Uploaded image for project: 'Infrastructure'
  1. Infrastructure
  2. INFRA-1778

pkg.jenkins.io DNS issues

    XMLWordPrintable

    Details

    • Type: Bug
    • Status: Open (View Workflow)
    • Priority: Minor
    • Resolution: Unresolved
    • Component/s: www
    • Labels:
      None
    • Similar Issues:

      Description

      The issue as described by the networking team:

      On the initial DNS lookup for pkg.jenkins.io our DNS server uses the glue records from the org DNS servers to resolve the IP addresses for the Jenkins.io name servers (which are actually Jenkins-ci.org).
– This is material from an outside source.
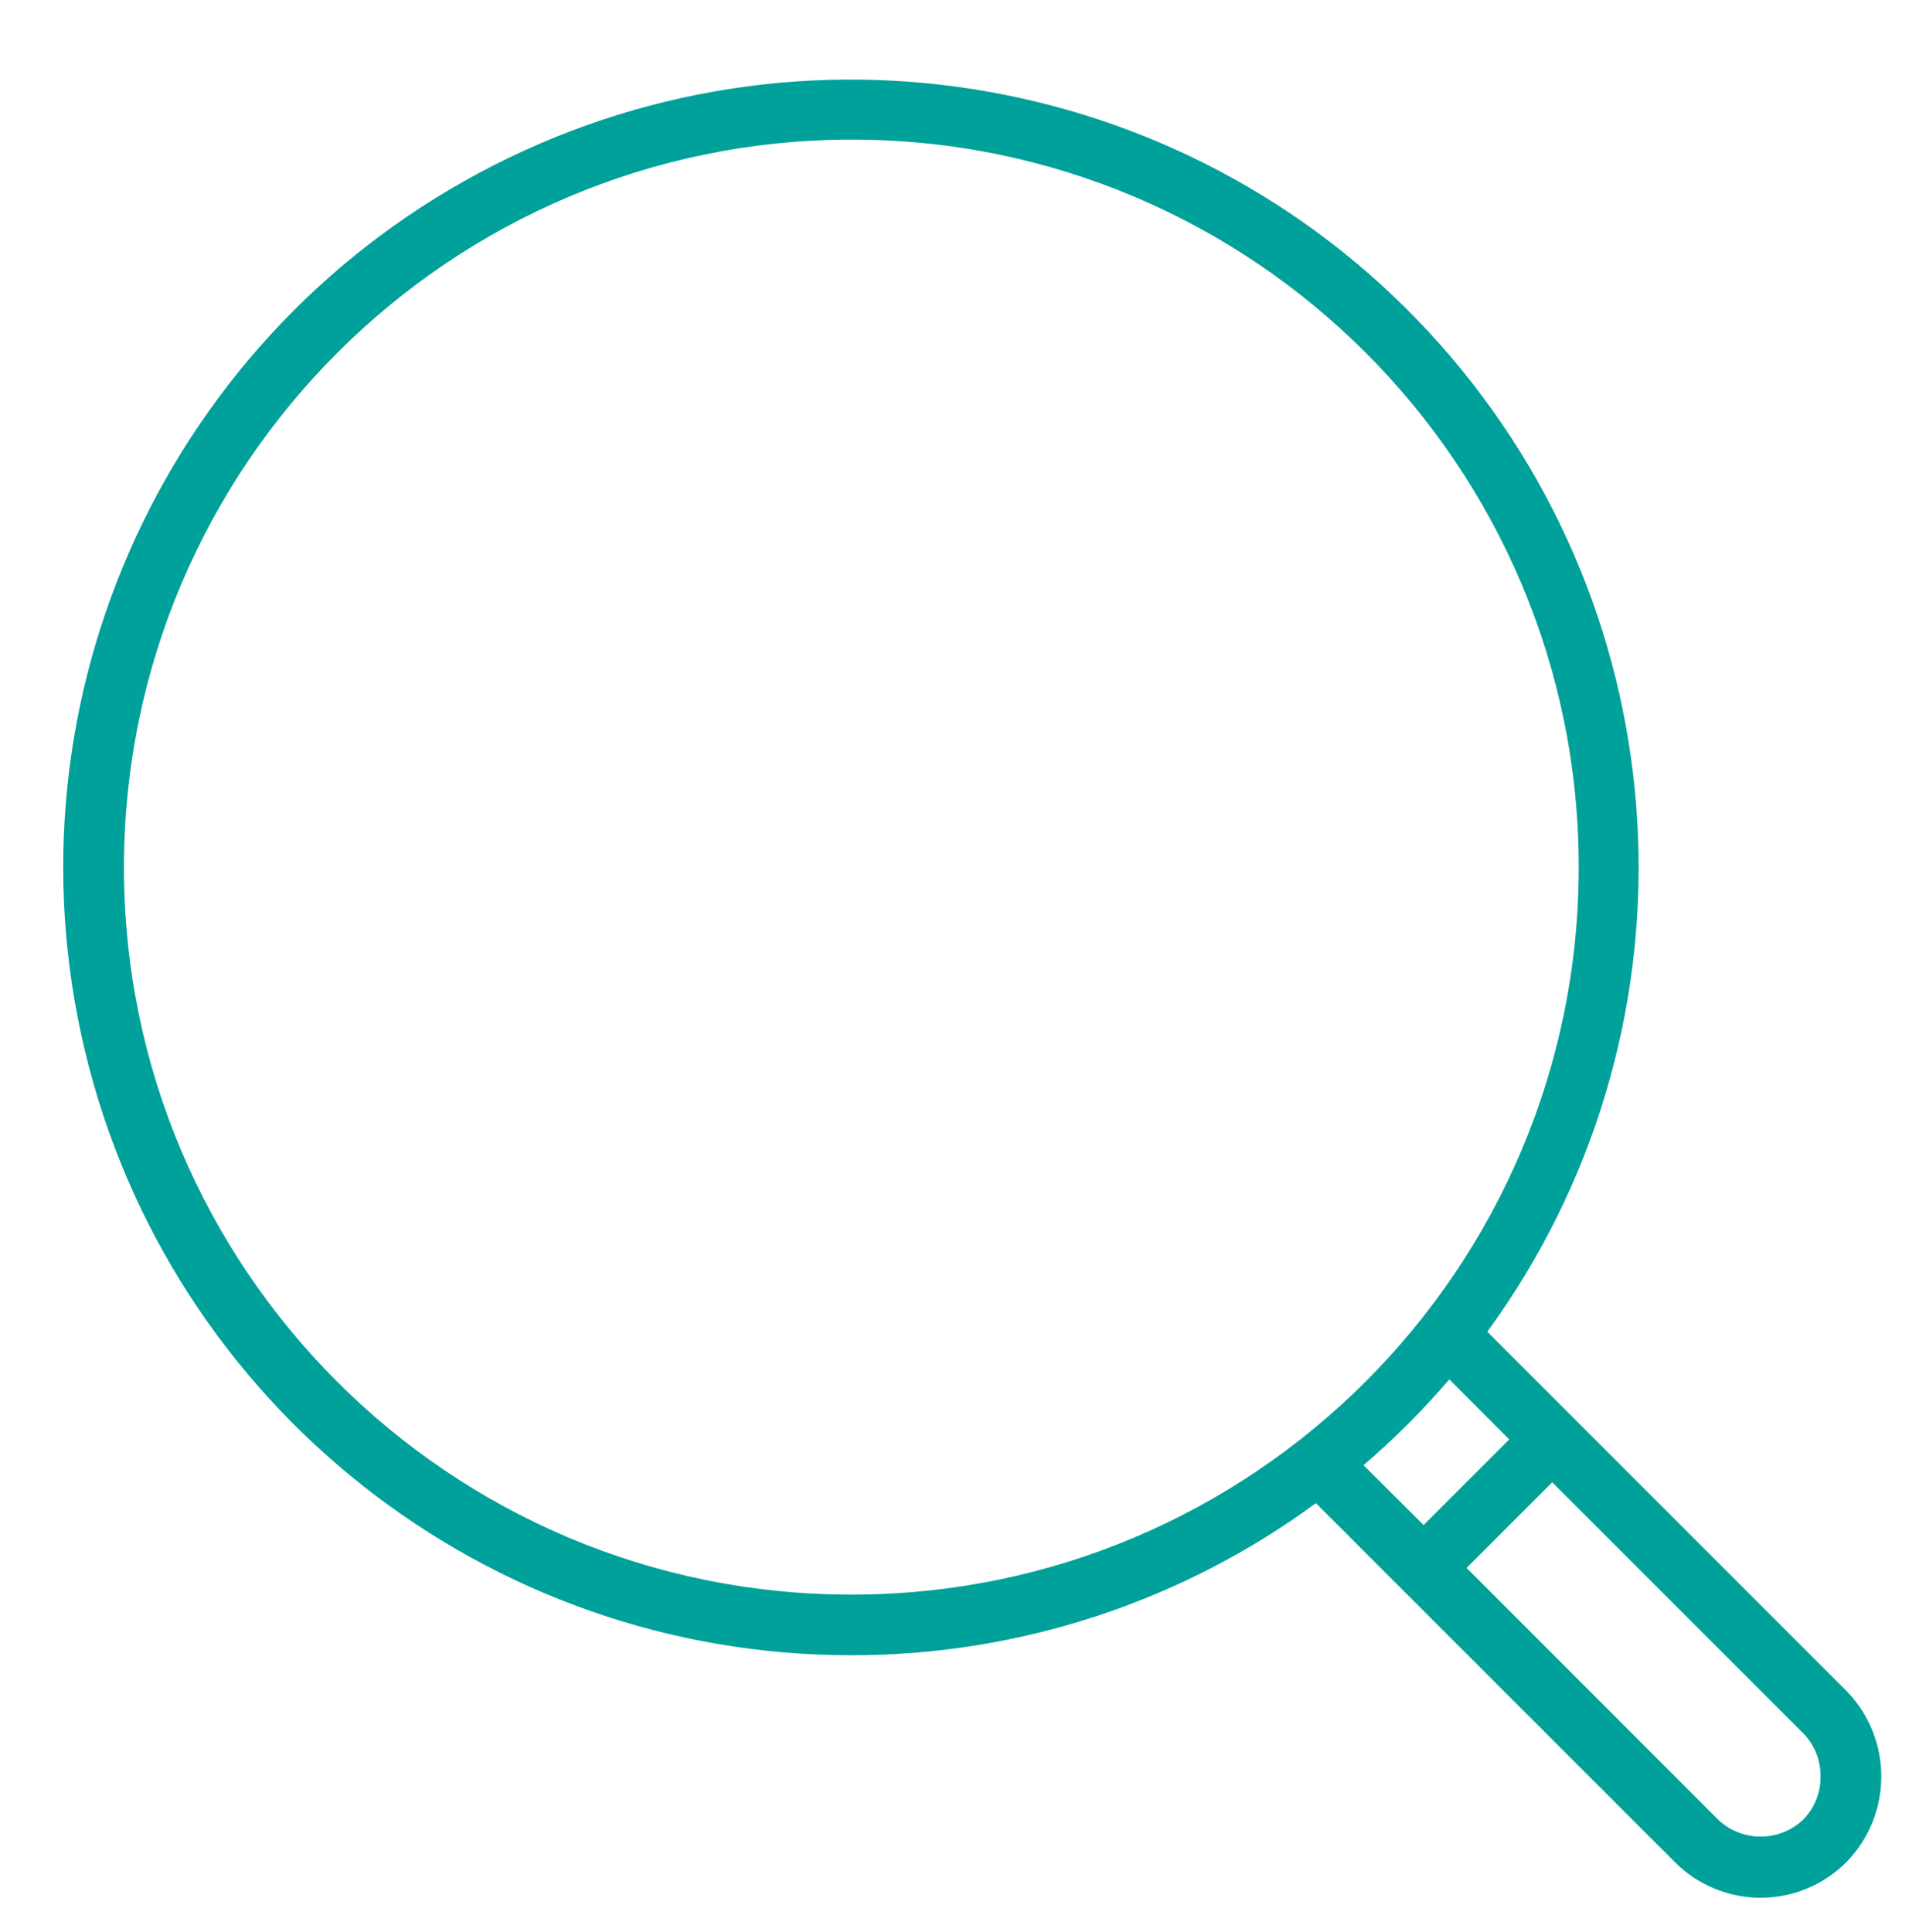 <?xml version="1.0" encoding="utf-8" ?>
<svg xmlns="http://www.w3.org/2000/svg" xmlns:xlink="http://www.w3.org/1999/xlink" width="84" height="85">
	<path fill="#00A19A" transform="translate(2.781 3.501)" d="M34.679 69.33C42.032 69.336 49.195 66.992 55.122 62.638L70.912 78.427C71.911 79.433 73.268 79.998 74.685 80C76.101 80.001 77.46 79.438 78.461 78.435C80.513 76.341 80.513 72.989 78.461 70.894L62.664 55.095C72.113 42.141 71.445 24.396 61.049 12.189C50.653 -0.018 33.242 -3.501 18.951 3.768C4.66 11.037 -2.781 27.16 0.96 42.753C4.7 58.345 18.646 69.337 34.679 69.33ZM77.327 74.665C77.336 75.372 77.062 76.053 76.567 76.557C75.514 77.563 73.855 77.56 72.806 76.549L61.752 65.488L65.52 61.719L76.582 72.78C77.068 73.286 77.336 73.963 77.327 74.665ZM63.628 59.833L59.859 63.602L57.217 60.967C58.57 59.807 59.832 58.545 60.993 57.192L63.628 59.833ZM34.679 2.64C52.356 2.64 66.686 16.972 66.686 34.651C66.686 52.33 52.356 66.662 34.679 66.662C17.002 66.662 2.672 52.33 2.672 34.651C2.692 16.98 17.01 2.661 34.679 2.64Z"/>
</svg>

      >dig @b0.org.afilias-nst.org ns1.jenkins-ci.org A

      ; <<>> DiG 9.9.4-RedHat-9.9.4-51.el7 <<>> @b0.org.afilias-nst.org ns1.jenkins-ci.org A 
      ; (2 servers found) 
      ;; global options: +cmd 
      ;; Got answer: 
      ;; >>HEADER<< opcode: QUERY, status: NOERROR, id: 29088 
      ;; flags: qr rd; QUERY: 1, ANSWER: 0, AUTHORITY: 3, ADDITIONAL: 4 
      ;; WARNING: recursion requested but not available

      ;; OPT PSEUDOSECTION: 
      ; EDNS: version: 0, flags:; udp: 4096 
      ;; QUESTION SECTION: 
      ;ns1.jenkins-ci.org. IN A

      ;; AUTHORITY SECTION: 
      jenkins-ci.org. 86400 IN NS ns3.jenkins-ci.org. 
      jenkins-ci.org. 86400 IN NS ns2.jenkins-ci.org. 
      jenkins-ci.org. 86400 IN NS ns1.jenkins-ci.org.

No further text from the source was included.